#### What is expected:
Your answer should consist only of the lines below from the one with "Q: Is the spacing between lines" through the one with "Q: Monospaced? A: No.", copied exactly.

Start of Data records

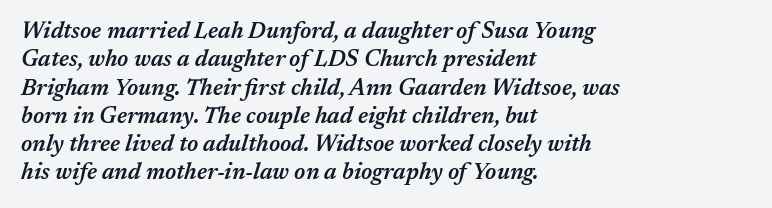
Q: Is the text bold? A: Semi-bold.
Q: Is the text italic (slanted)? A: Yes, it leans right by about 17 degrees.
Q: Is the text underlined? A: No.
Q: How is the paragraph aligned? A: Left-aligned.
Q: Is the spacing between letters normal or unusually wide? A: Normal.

End of Data records
Start of Data records

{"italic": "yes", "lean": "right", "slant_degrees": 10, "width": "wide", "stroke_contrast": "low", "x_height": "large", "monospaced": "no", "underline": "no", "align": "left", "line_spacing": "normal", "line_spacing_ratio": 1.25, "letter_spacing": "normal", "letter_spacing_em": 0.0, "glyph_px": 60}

End of Data records
Start of Data records

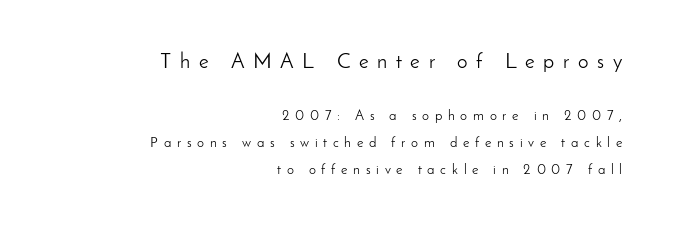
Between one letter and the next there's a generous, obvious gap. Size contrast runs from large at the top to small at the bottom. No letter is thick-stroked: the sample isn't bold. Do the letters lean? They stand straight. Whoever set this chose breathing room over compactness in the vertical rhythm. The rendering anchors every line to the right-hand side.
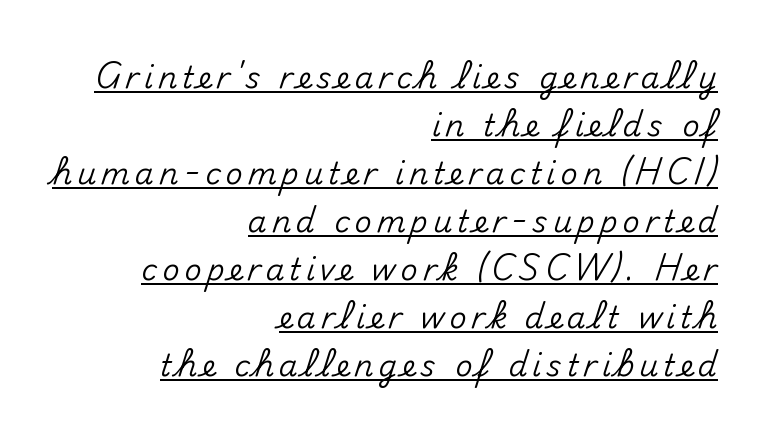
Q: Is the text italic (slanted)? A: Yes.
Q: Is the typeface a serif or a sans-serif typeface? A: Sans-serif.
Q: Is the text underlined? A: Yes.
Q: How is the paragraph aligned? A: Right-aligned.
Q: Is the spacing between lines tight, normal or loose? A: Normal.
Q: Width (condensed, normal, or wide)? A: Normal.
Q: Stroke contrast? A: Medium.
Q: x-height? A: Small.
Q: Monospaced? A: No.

End of Data records

#### Result of the task:
Q: Is the spacing between lines tight, normal or loose? A: Normal.
Q: Width (condensed, normal, or wide)? A: Normal.
Q: Stroke contrast? A: Medium.
Q: x-height? A: Small.
Q: Monospaced? A: No.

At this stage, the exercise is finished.